### Dataset records:
[Start of section]
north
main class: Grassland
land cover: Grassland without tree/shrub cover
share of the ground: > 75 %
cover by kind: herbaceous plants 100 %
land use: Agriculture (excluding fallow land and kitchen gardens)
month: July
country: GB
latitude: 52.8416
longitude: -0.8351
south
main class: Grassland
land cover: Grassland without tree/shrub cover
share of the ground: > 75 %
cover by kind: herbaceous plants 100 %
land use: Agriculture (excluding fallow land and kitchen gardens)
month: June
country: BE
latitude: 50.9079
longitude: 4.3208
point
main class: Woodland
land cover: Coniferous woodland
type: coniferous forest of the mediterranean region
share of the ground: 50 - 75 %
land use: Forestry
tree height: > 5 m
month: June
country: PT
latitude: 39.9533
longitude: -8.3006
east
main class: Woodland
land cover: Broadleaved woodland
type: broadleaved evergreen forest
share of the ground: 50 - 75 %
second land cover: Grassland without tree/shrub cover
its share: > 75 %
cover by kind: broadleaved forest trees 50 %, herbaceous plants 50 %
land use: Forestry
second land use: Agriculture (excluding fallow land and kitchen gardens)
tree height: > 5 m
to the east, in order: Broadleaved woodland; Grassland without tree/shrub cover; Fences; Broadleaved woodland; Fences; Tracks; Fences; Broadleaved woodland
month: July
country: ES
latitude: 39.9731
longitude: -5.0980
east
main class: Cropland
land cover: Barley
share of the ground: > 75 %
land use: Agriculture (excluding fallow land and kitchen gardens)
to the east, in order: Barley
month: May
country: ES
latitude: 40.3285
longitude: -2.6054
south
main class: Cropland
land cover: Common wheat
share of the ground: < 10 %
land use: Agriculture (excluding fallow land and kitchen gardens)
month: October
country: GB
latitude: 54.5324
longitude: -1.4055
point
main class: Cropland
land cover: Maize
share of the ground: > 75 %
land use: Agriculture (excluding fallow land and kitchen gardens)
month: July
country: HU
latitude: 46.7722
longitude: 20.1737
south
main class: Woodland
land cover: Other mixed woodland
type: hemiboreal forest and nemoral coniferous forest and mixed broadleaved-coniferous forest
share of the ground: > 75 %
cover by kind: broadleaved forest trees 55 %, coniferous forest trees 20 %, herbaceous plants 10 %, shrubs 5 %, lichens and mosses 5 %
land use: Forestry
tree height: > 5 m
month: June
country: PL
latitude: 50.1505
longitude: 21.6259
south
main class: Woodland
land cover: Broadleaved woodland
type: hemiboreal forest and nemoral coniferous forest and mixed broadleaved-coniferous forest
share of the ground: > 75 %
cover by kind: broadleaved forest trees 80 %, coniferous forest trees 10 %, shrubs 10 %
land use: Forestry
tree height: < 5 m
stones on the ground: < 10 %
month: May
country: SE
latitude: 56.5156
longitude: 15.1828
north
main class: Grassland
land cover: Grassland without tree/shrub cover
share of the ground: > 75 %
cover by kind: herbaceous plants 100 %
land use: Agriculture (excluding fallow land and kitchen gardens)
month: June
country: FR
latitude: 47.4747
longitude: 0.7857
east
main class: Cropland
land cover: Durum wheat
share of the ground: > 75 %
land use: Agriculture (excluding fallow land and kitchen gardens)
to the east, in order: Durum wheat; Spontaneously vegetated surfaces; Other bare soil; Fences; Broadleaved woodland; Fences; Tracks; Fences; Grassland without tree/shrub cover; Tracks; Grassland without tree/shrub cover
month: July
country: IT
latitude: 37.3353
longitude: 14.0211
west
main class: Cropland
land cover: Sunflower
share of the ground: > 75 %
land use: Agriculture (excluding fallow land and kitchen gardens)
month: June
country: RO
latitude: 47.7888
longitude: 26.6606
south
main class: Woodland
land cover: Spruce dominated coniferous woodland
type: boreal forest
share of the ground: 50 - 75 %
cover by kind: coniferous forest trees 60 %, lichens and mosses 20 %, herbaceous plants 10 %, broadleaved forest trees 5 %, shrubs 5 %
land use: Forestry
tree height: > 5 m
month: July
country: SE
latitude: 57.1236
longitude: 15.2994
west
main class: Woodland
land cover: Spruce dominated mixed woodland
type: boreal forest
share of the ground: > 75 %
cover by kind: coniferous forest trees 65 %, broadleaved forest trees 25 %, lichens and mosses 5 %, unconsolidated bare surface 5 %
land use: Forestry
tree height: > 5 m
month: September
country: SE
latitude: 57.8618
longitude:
[End of section]
### Work to be completed:
Take the data above and return it exactly.

### Solution to this exercise:
north
main class: Grassland
land cover: Grassland without tree/shrub cover
share of the ground: > 75 %
cover by kind: herbaceous plants 100 %
land use: Agriculture (excluding fallow land and kitchen gardens)
month: July
country: GB
latitude: 52.8416
longitude: -0.8351
south
main class: Grassland
land cover: Grassland without tree/shrub cover
share of the ground: > 75 %
cover by kind: herbaceous plants 100 %
land use: Agriculture (excluding fallow land and kitchen gardens)
month: June
country: BE
latitude: 50.9079
longitude: 4.3208
point
main class: Woodland
land cover: Coniferous woodland
type: coniferous forest of the mediterranean region
share of the ground: 50 - 75 %
land use: Forestry
tree height: > 5 m
month: June
country: PT
latitude: 39.9533
longitude: -8.3006
east
main class: Woodland
land cover: Broadleaved woodland
type: broadleaved evergreen forest
share of the ground: 50 - 75 %
second land cover: Grassland without tree/shrub cover
its share: > 75 %
cover by kind: broadleaved forest trees 50 %, herbaceous plants 50 %
land use: Forestry
second land use: Agriculture (excluding fallow land and kitchen gardens)
tree height: > 5 m
to the east, in order: Broadleaved woodland; Grassland without tree/shrub cover; Fences; Broadleaved woodland; Fences; Tracks; Fences; Broadleaved woodland
month: July
country: ES
latitude: 39.9731
longitude: -5.0980
east
main class: Cropland
land cover: Barley
share of the ground: > 75 %
land use: Agriculture (excluding fallow land and kitchen gardens)
to the east, in order: Barley
month: May
country: ES
latitude: 40.3285
longitude: -2.6054
south
main class: Cropland
land cover: Common wheat
share of the ground: < 10 %
land use: Agriculture (excluding fallow land and kitchen gardens)
month: October
country: GB
latitude: 54.5324
longitude: -1.4055
point
main class: Cropland
land cover: Maize
share of the ground: > 75 %
land use: Agriculture (excluding fallow land and kitchen gardens)
month: July
country: HU
latitude: 46.7722
longitude: 20.1737
south
main class: Woodland
land cover: Other mixed woodland
type: hemiboreal forest and nemoral coniferous forest and mixed broadleaved-coniferous forest
share of the ground: > 75 %
cover by kind: broadleaved forest trees 55 %, coniferous forest trees 20 %, herbaceous plants 10 %, shrubs 5 %, lichens and mosses 5 %
land use: Forestry
tree height: > 5 m
month: June
country: PL
latitude: 50.1505
longitude: 21.6259
south
main class: Woodland
land cover: Broadleaved woodland
type: hemiboreal forest and nemoral coniferous forest and mixed broadleaved-coniferous forest
share of the ground: > 75 %
cover by kind: broadleaved forest trees 80 %, coniferous forest trees 10 %, shrubs 10 %
land use: Forestry
tree height: < 5 m
stones on the ground: < 10 %
month: May
country: SE
latitude: 56.5156
longitude: 15.1828
north
main class: Grassland
land cover: Grassland without tree/shrub cover
share of the ground: > 75 %
cover by kind: herbaceous plants 100 %
land use: Agriculture (excluding fallow land and kitchen gardens)
month: June
country: FR
latitude: 47.4747
longitude: 0.7857
east
main class: Cropland
land cover: Durum wheat
share of the ground: > 75 %
land use: Agriculture (excluding fallow land and kitchen gardens)
to the east, in order: Durum wheat; Spontaneously vegetated surfaces; Other bare soil; Fences; Broadleaved woodland; Fences; Tracks; Fences; Grassland without tree/shrub cover; Tracks; Grassland without tree/shrub cover
month: July
country: IT
latitude: 37.3353
longitude: 14.0211
west
main class: Cropland
land cover: Sunflower
share of the ground: > 75 %
land use: Agriculture (excluding fallow land and kitchen gardens)
month: June
country: RO
latitude: 47.7888
longitude: 26.6606
south
main class: Woodland
land cover: Spruce dominated coniferous woodland
type: boreal forest
share of the ground: 50 - 75 %
cover by kind: coniferous forest trees 60 %, lichens and mosses 20 %, herbaceous plants 10 %, broadleaved forest trees 5 %, shrubs 5 %
land use: Forestry
tree height: > 5 m
month: July
country: SE
latitude: 57.1236
longitude: 15.2994
west
main class: Woodland
land cover: Spruce dominated mixed woodland
type: boreal forest
share of the ground: > 75 %
cover by kind: coniferous forest trees 65 %, broadleaved forest trees 25 %, lichens and mosses 5 %, unconsolidated bare surface 5 %
land use: Forestry
tree height: > 5 m
month: September
country: SE
latitude: 57.8618
longitude:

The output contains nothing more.